Thank you to the authors for taking the time to respond to my comments. Overall, I am happy to increase my score towards positive now. I have few followup comments if the authors would kindly consider.

Re: “SGPO provides a coherent perspective that connects these different lines of work.” I think this is a strong point of the paper and a valuable contribution to the community.
Thanks for adding the new baseline of Torres et al [1]. This is a stronger baseline and great to see the results still hold up well.
Re: “we agree that SGPO is closely related to prior work combining BO with deep generative models that you have suggested, and we will revise the manuscript to clarify these connections.”, I request the authors to spend more time and dig a bit deeper on this discussion since it will significantly strengthen the paper. I believe the current response that “SGPO offers greater flexibility” might not be good enough. Take NOS [Gruver et al] for example, which uses a diffusion model but still works in the latent space (hidden embeddings of the diffusion model).
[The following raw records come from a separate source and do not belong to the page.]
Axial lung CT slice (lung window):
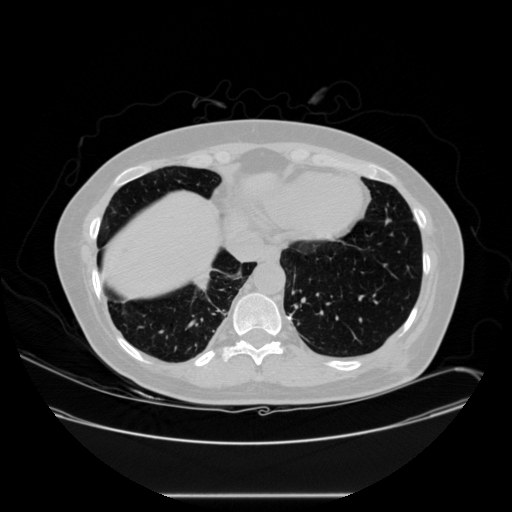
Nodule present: yes
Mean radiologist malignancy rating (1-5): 5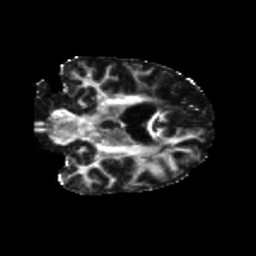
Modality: FA
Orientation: coronal
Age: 76
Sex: female
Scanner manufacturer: siemens
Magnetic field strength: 3 T
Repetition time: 5.25 s
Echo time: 0.08 s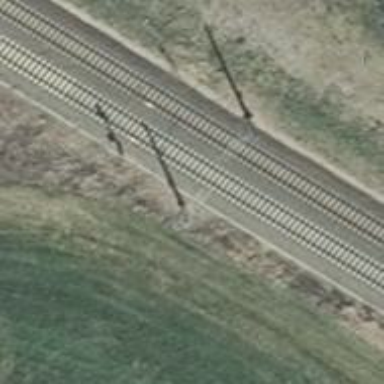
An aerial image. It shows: Railway milestone with catenary mast.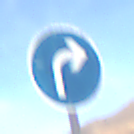
Verkehrszeichen: VorgeschriebeneFahrtrichtungRechts
Umgebung: Outdoor, Nature
Tageszeit: Midday
Wetter: Clear
Licht: Natural
Jahreszeit: NotSpecified
Kontrast: HighContrast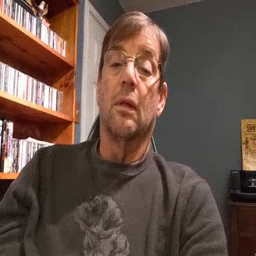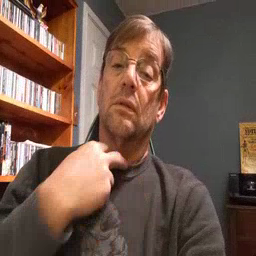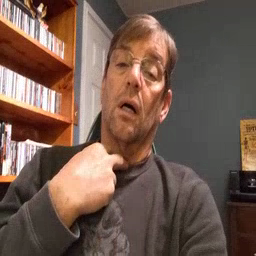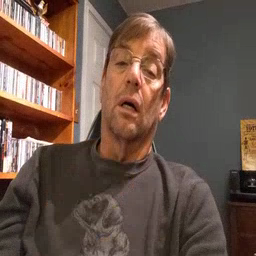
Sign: stuck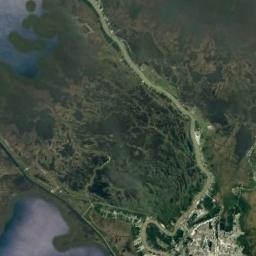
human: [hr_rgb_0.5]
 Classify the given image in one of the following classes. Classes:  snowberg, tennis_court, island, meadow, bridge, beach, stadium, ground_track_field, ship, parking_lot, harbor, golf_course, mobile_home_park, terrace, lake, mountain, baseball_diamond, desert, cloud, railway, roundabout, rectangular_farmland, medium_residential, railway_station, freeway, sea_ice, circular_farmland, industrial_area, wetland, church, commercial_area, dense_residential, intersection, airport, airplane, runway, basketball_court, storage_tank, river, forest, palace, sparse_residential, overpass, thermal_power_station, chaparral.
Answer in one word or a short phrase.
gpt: wetland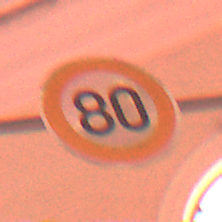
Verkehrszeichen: Geschwindigkeit80
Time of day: Night
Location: Outdoor (Urban)
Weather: Overcast
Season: Winter
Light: Artificial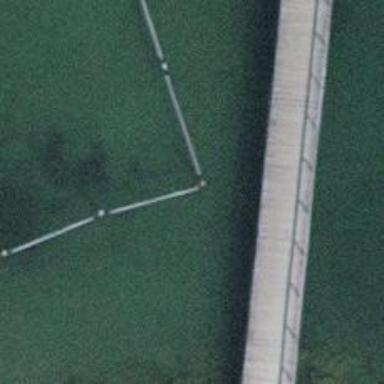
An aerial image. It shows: Buoy that is man-made.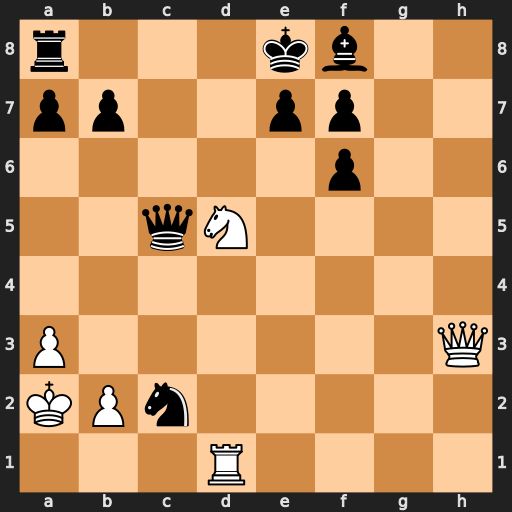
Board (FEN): r3kb2/pp2pp2/5p2/2qN4/8/P6Q/KPn5/3R4
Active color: w
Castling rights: q
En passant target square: -
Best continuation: Nxf6+ exf6 Qd7#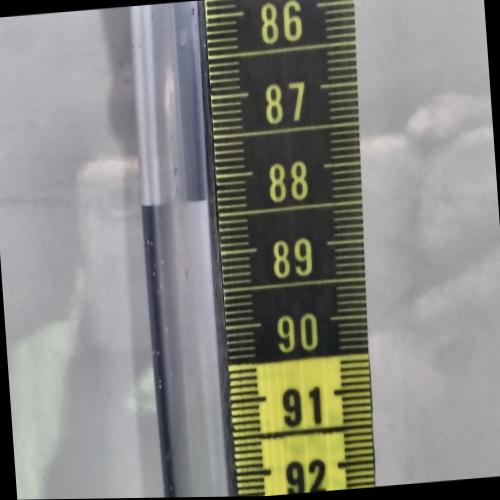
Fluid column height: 88.3 cm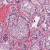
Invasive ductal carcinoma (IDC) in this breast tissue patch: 0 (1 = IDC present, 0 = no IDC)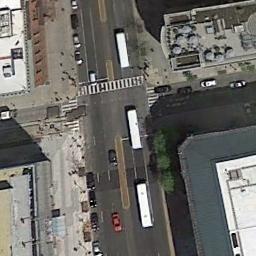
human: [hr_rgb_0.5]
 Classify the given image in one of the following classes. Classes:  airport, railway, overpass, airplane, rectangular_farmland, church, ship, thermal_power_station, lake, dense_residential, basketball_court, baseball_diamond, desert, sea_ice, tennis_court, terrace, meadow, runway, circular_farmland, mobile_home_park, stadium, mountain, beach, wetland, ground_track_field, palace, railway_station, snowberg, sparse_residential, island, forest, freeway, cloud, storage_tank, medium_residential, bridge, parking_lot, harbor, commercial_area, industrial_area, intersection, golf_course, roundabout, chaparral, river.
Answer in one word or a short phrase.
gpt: intersection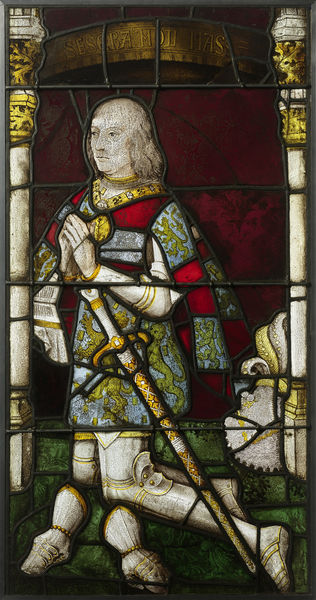
Titel: Portret van Engelbert II van Nassau
Künstler: Nicolaes Rombouts
Standort: Amsterdam
Institution: Rijksmuseum
Schlagwörter: mann, umhang, gelb, grün, bunt, fenster, glas, säulen, rot, kirche, gewand, gold, haare, mantel, reiter, schwert, knien, soldat, beten, gebet, bleiglas, ritter, rüstung, löwen, heiliger, heilig, demut, glass, kirchenfenster, hände falten, hüstung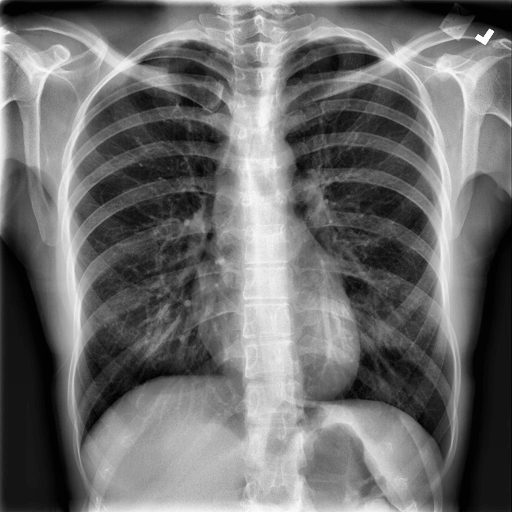
Finding: NORMAL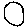
Label: circle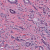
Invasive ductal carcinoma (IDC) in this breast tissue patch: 1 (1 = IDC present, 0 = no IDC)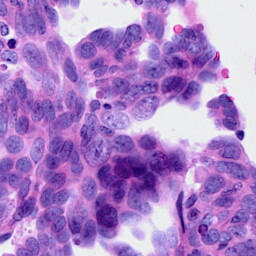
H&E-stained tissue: Ovarian
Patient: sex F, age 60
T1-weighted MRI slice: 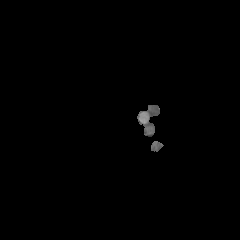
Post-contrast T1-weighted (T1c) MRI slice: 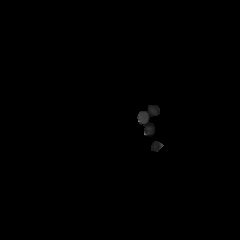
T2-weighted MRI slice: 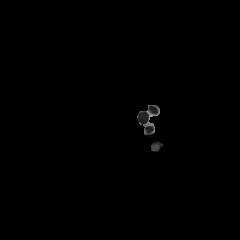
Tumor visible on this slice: no
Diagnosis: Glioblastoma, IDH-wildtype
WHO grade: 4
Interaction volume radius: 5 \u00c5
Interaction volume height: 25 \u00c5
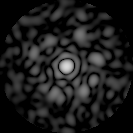
Disorder parameter: 0.8039
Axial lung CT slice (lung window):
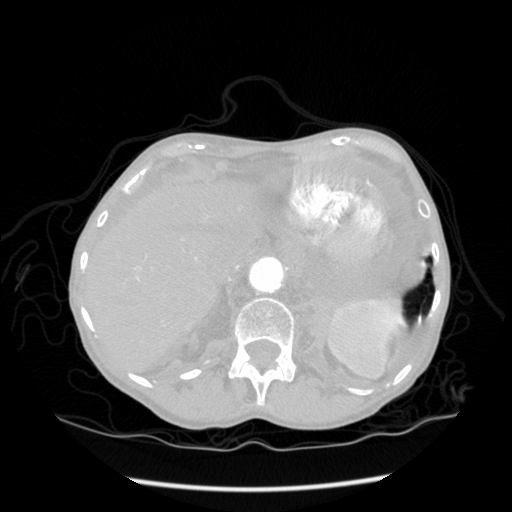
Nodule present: no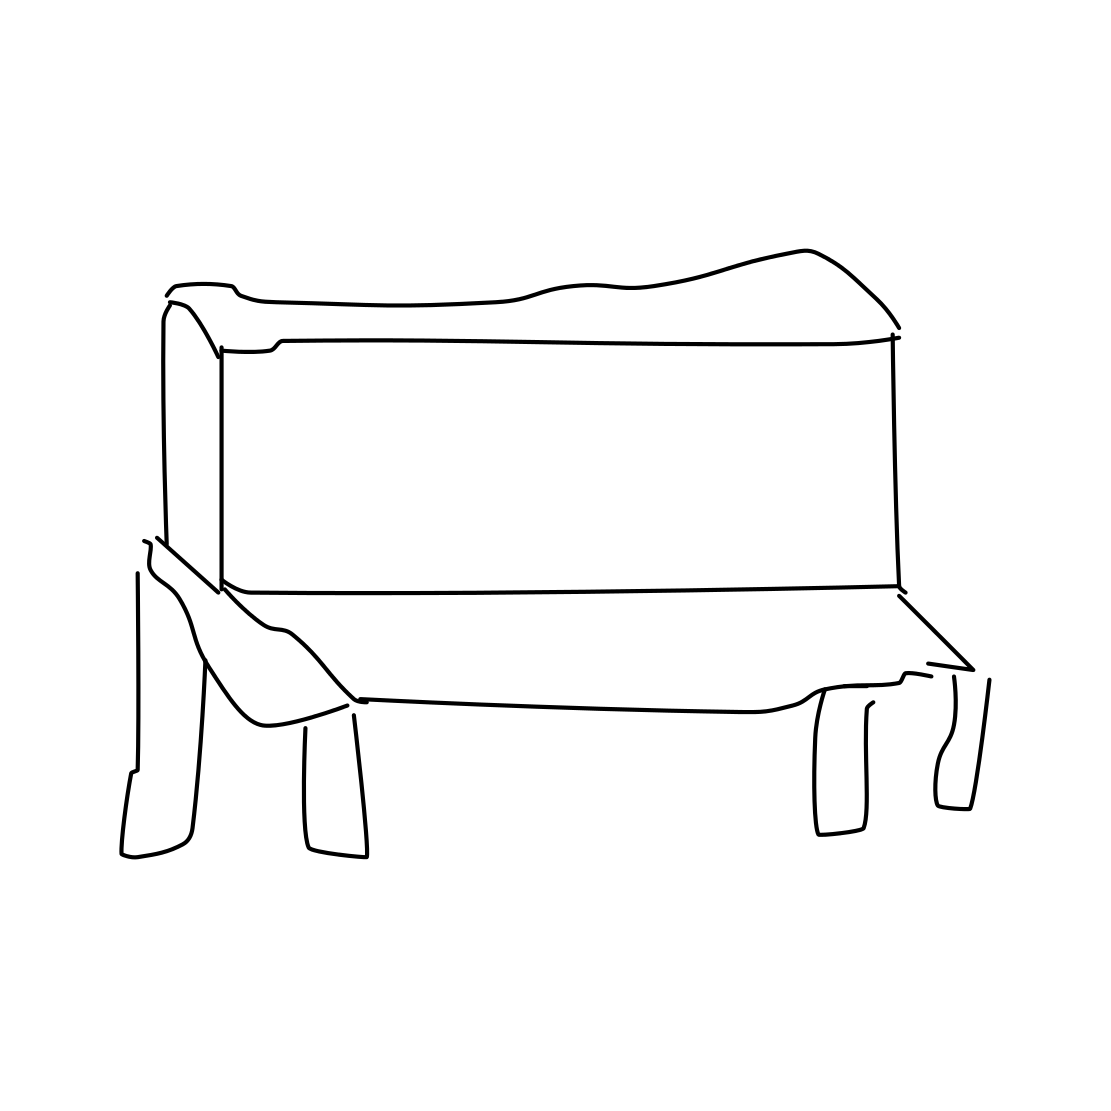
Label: couch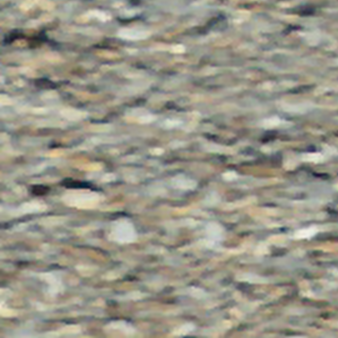
Label: other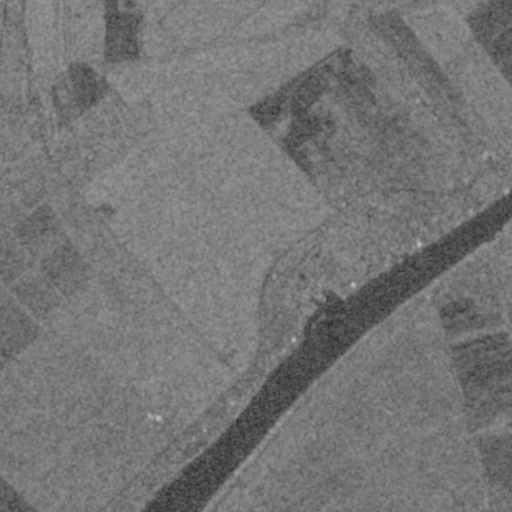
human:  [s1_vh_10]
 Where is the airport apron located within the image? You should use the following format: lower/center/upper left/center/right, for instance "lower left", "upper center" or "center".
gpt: The airport apron is located in the upper right of the image.
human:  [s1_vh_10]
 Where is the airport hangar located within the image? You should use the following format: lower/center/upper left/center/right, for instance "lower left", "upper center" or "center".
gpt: The airport hangar is located in the upper right of the image.
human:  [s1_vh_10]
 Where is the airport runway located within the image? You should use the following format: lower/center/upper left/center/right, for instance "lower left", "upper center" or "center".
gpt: The airport runway is located in the upper right of the image.
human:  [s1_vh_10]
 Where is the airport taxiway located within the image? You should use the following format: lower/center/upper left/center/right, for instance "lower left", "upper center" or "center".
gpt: The airport taxiway is located in the upper right of the image.
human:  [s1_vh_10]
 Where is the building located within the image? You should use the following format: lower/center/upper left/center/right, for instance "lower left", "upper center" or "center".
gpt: The building is located in the upper right of the image.
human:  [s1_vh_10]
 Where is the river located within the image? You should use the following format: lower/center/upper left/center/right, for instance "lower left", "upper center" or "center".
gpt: The river is located in the left of the image.
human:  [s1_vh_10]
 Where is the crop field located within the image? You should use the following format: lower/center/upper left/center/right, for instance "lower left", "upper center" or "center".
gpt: There is no crop field in the image.

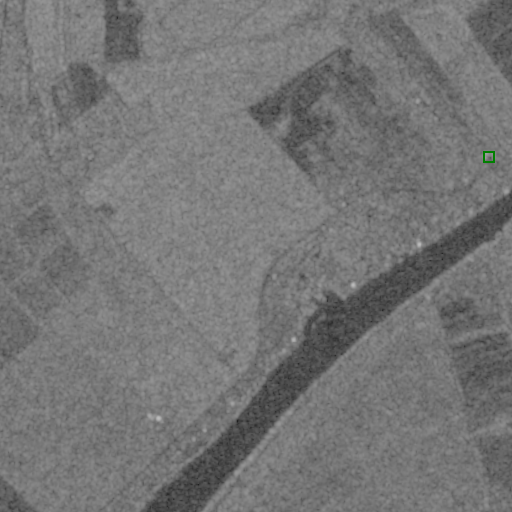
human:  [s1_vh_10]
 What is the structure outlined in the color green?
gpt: The structure outlined in green is an airport apron.
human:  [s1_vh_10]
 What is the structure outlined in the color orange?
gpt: There is no orange outline.
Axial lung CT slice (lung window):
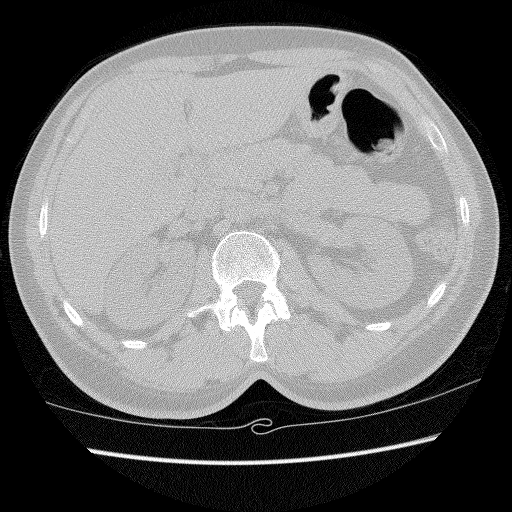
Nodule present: no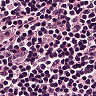
Metastatic tissue present: no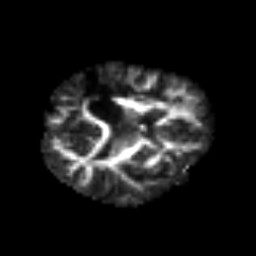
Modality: FA
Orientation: axial
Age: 62
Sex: female
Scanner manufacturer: siemens
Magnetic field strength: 3 T
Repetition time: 3.2 s
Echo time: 0.081 s
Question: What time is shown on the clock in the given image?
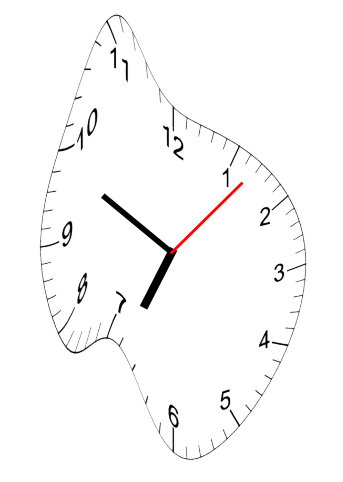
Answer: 06:49:07
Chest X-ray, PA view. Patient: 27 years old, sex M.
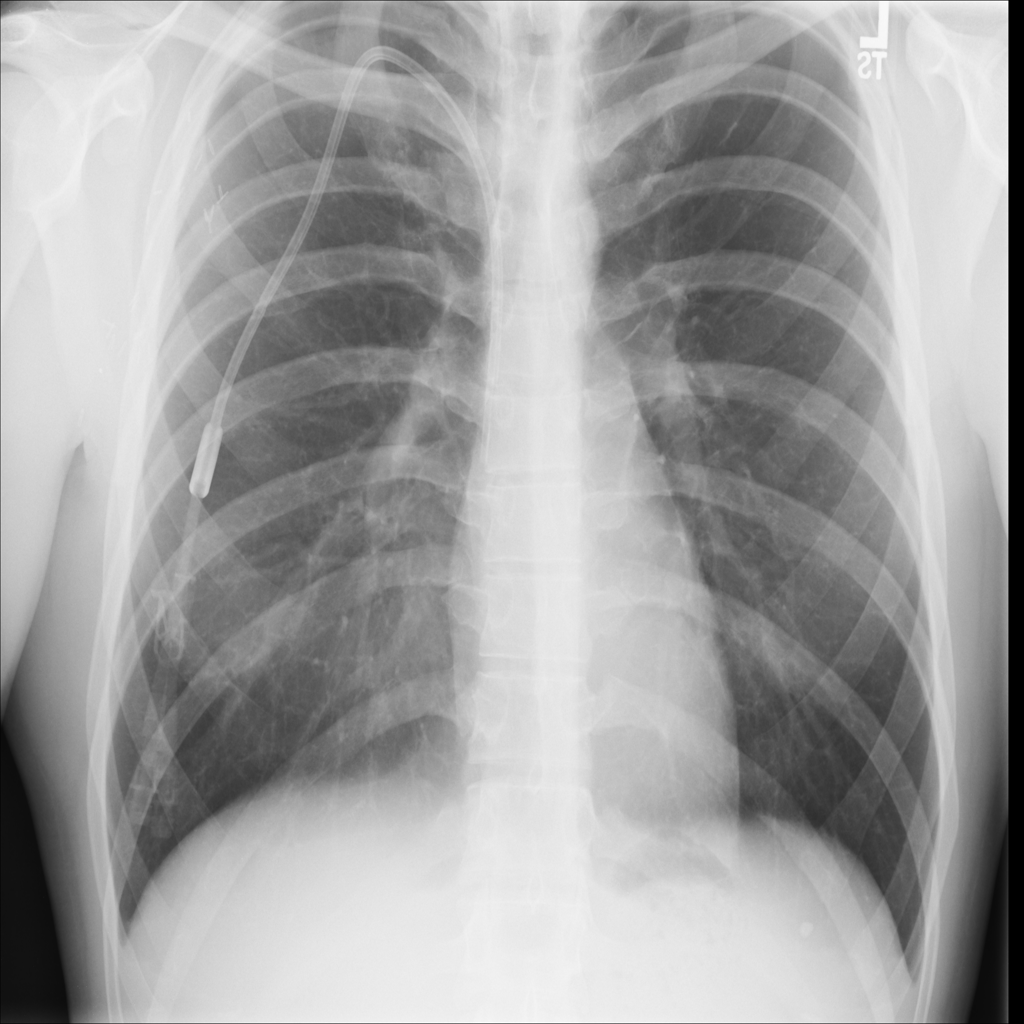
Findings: No Finding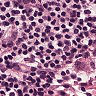
Metastatic tissue present: no

Even for complex domains like video generation, latent diffusion models seem to be more effective in performance (see Generative modelling in latent space by Sander Dielman). Explicit latent space is actually quite nice since it gives us a well specified space to perform any form of acquisition or scoring optimization. I acknowledge that there are hyperparameters that need to be chosen like the boundary of the latent dimensions but that is true for steering style methods too.
Thanks for adding the new benchmark function as well. I was surprised to see no discussion of protein design benchmarks like proteingym. I am not asking for new results but just curious if there is no standardized benchmark yet in protein sequence design? That seems odd given how active this area is, but maybe I'm missing something.

[1] Notin, Pascal, et al. "Proteingym: Large-scale benchmarks for protein fitness prediction and design." Advances in Neural Information Processing Systems 36 (2023): 64331-64379.

2025-08-04

First, we thank the reviewer again for their thoughtful feedback and for increasing their score. We address the follow-up comments below.

“I think this is a strong point of the paper and a valuable contribution to the community.”

Our response: Thank you for this generous comment. We are glad you found the unifying perspective of SGPO to be a valuable contribution. We will emphasize this aspect more clearly in the revision and further elaborate on its conceptual connections to prior work.

“Thanks for adding the new baseline of Torres et al [1]. This is a stronger baseline and great to see the results still hold up well.”

Our response: We appreciate the suggestion to include baselines from the latent space BO literature. We are pleased that the results continue to support the strength of SGPO methods and will highlight this comparison in the revised manuscript.

“I request the authors to spend more time and dig a bit deeper on this discussion since it will significantly strengthen the paper.”

Our response: Thank you for encouraging us to clarify the relationship between SGPO and prior work on Bayesian optimization with generative models. We agree that making these connections more explicit will significantly strengthen the paper, and we will revise the manuscript accordingly.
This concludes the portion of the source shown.